→ WHAT THIS TASK INVOLVES
Give all of the data below again exactly, and drop the images.

Start of DATASET RECORDS

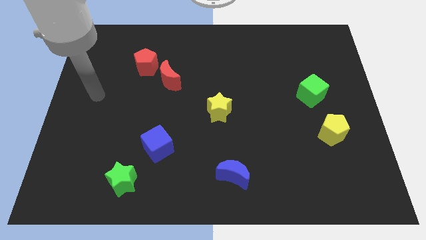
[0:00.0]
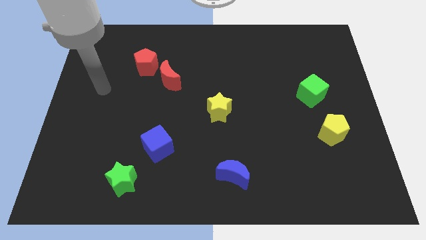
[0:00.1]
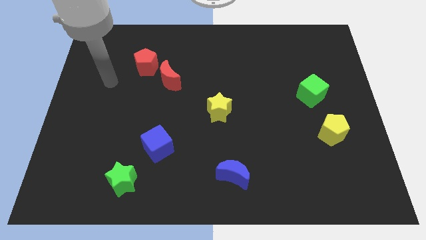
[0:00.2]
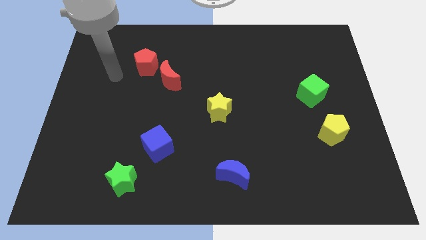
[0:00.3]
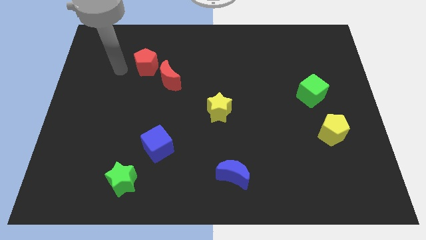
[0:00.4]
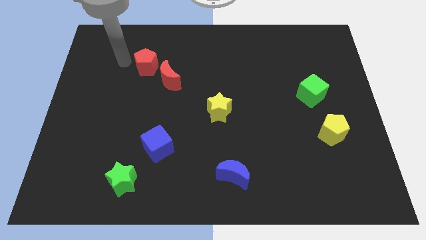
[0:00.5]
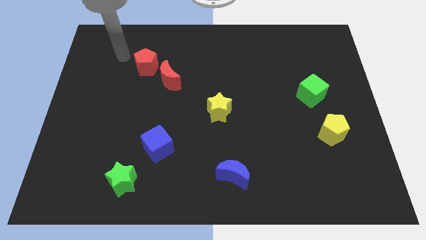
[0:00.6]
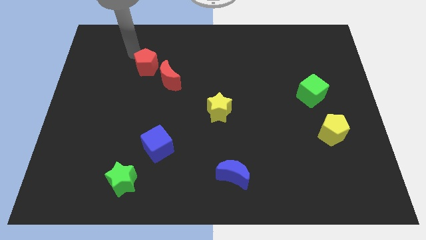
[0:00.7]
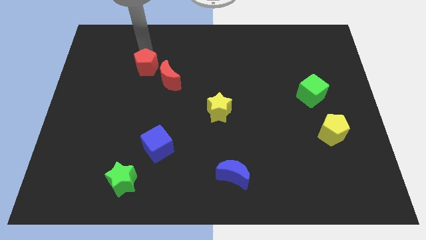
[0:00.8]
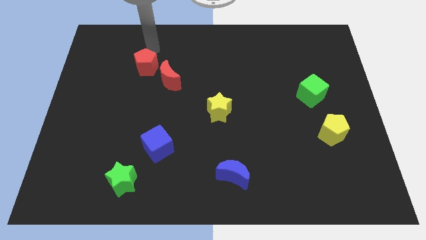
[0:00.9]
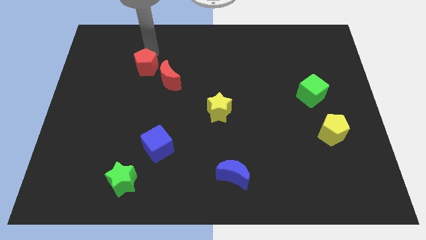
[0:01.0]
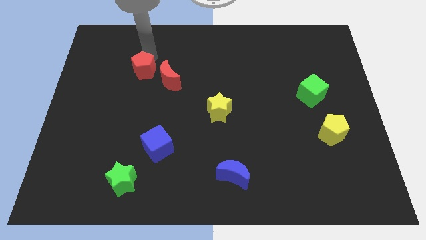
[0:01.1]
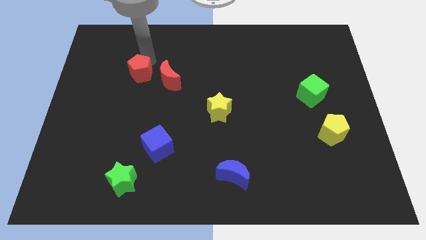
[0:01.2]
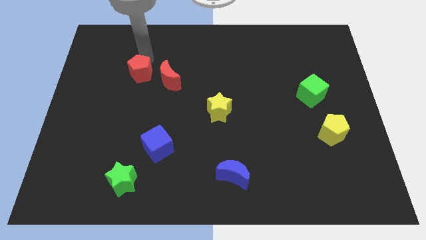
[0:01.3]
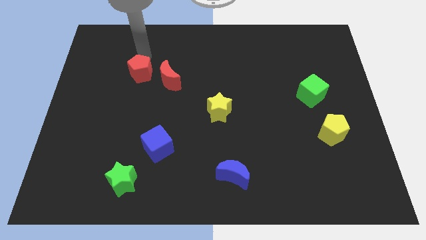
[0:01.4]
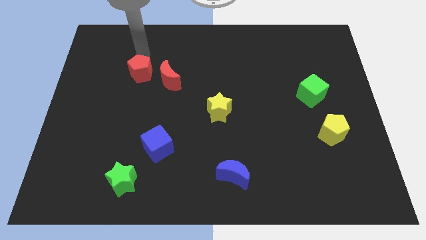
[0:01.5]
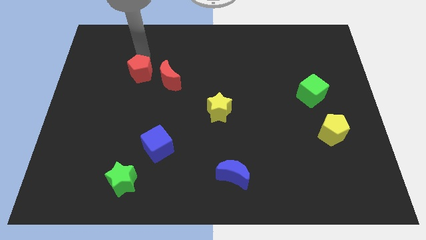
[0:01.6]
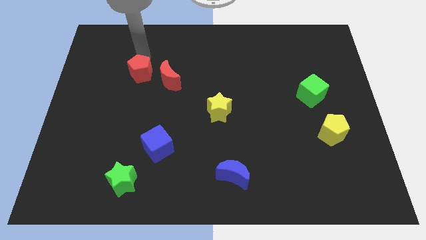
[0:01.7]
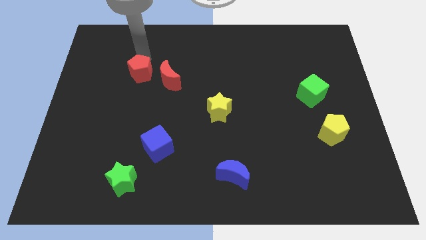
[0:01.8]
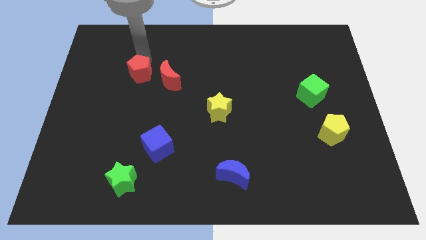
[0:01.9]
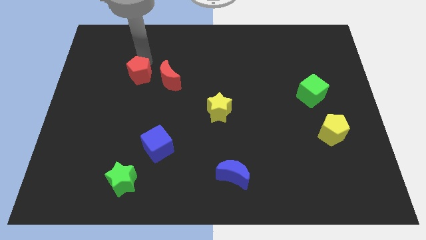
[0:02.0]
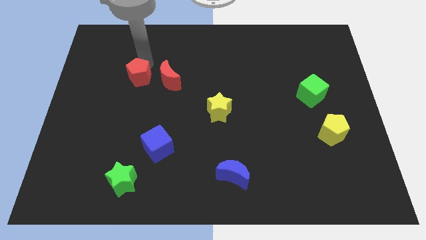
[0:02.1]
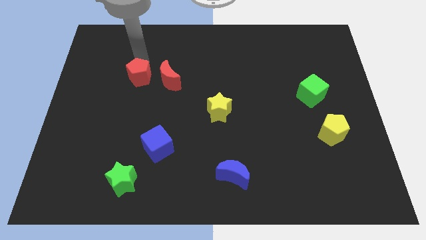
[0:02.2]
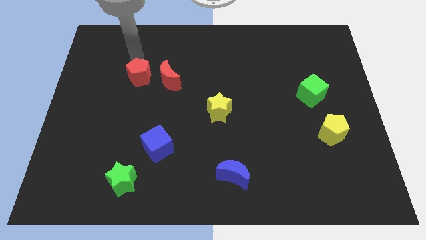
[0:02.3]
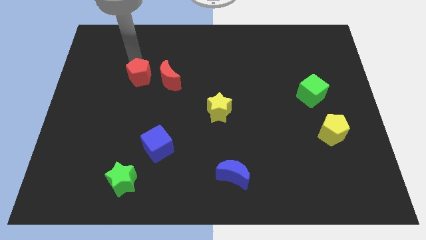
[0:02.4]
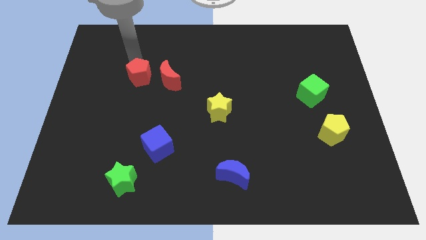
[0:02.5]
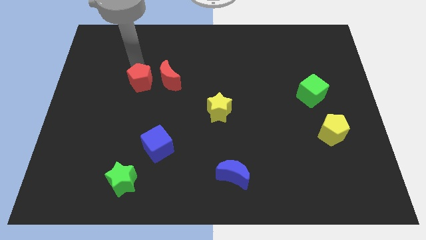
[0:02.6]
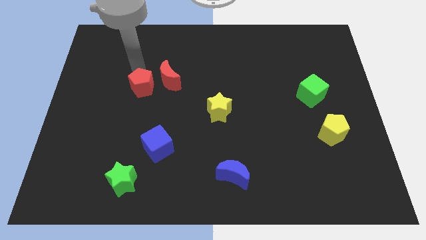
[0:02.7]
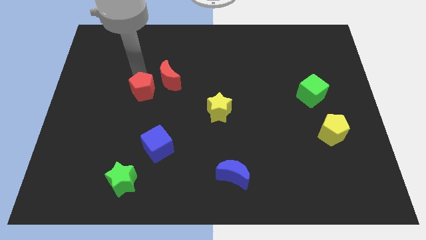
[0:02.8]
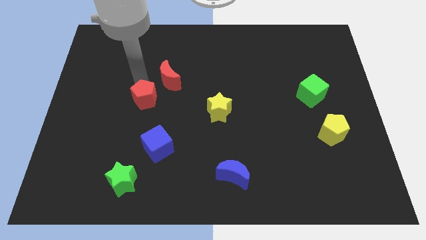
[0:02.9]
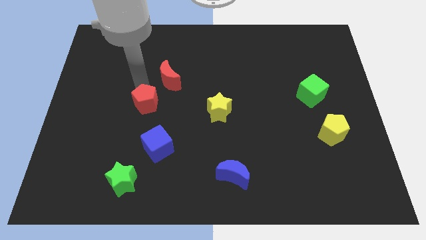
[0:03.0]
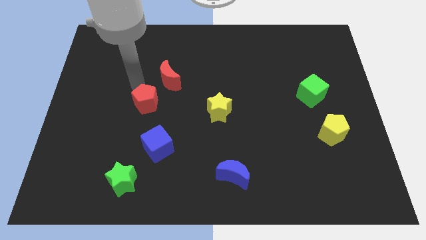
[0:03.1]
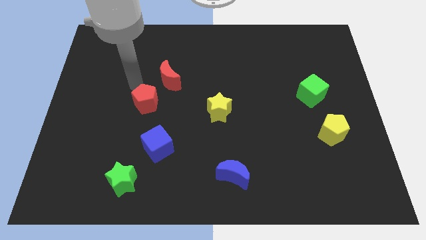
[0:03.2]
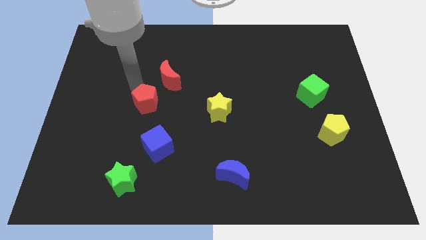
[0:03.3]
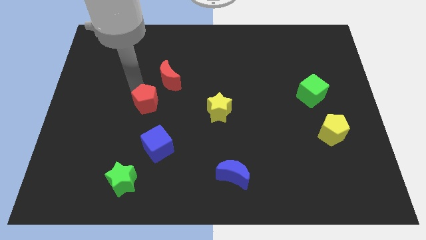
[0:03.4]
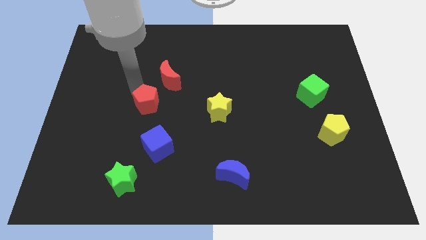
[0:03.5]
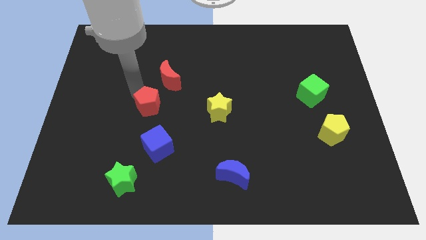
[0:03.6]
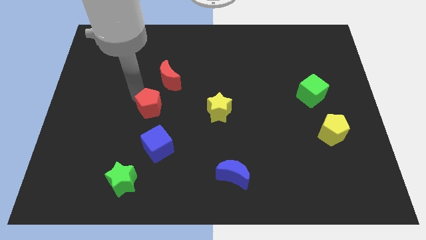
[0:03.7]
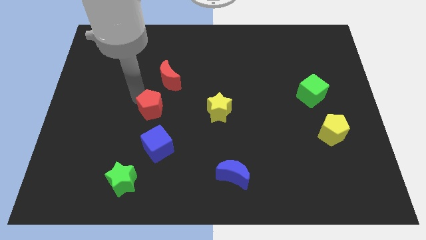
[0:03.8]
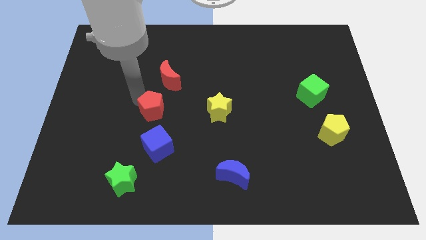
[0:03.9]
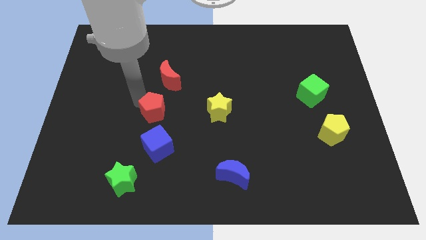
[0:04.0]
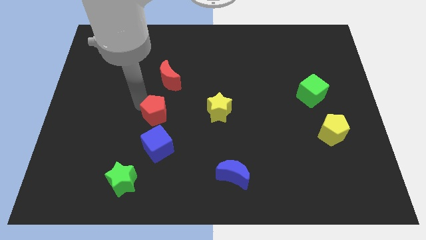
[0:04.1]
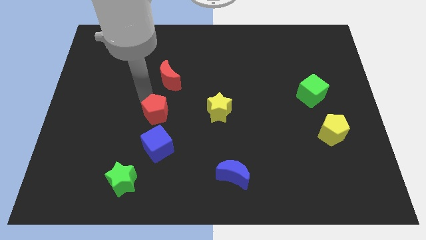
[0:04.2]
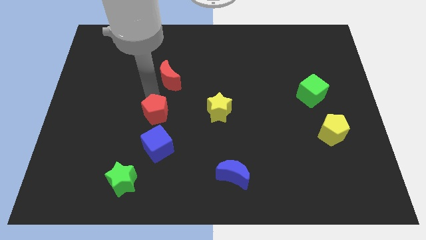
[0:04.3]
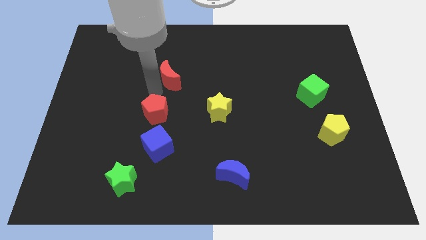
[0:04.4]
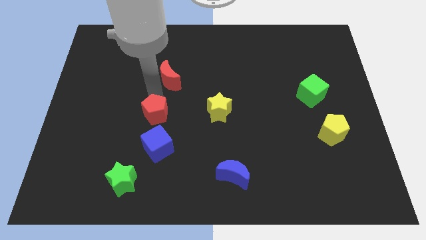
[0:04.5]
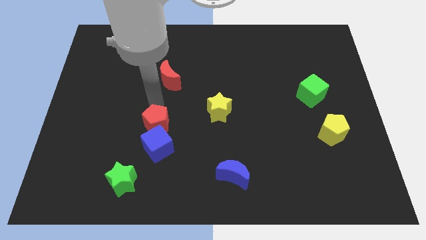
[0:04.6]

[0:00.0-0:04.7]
put the red pentagon towards the blue cube

End of DATASET RECORDS

→ TASK RESPONSE
[0:00.0]
[0:00.1]
[0:00.2]
[0:00.3]
[0:00.4]
[0:00.5]
[0:00.6]
[0:00.7]
[0:00.8]
[0:00.9]
[0:01.0]
[0:01.1]
[0:01.2]
[0:01.3]
[0:01.4]
[0:01.5]
[0:01.6]
[0:01.7]
[0:01.8]
[0:01.9]
[0:02.0]
[0:02.1]
[0:02.2]
[0:02.3]
[0:02.4]
[0:02.5]
[0:02.6]
[0:02.7]
[0:02.8]
[0:02.9]
[0:03.0]
[0:03.1]
[0:03.2]
[0:03.3]
[0:03.4]
[0:03.5]
[0:03.6]
[0:03.7]
[0:03.8]
[0:03.9]
[0:04.0]
[0:04.1]
[0:04.2]
[0:04.3]
[0:04.4]
[0:04.5]
[0:04.6]

[0:00.0-0:04.7]
put the red pentagon towards the blue cube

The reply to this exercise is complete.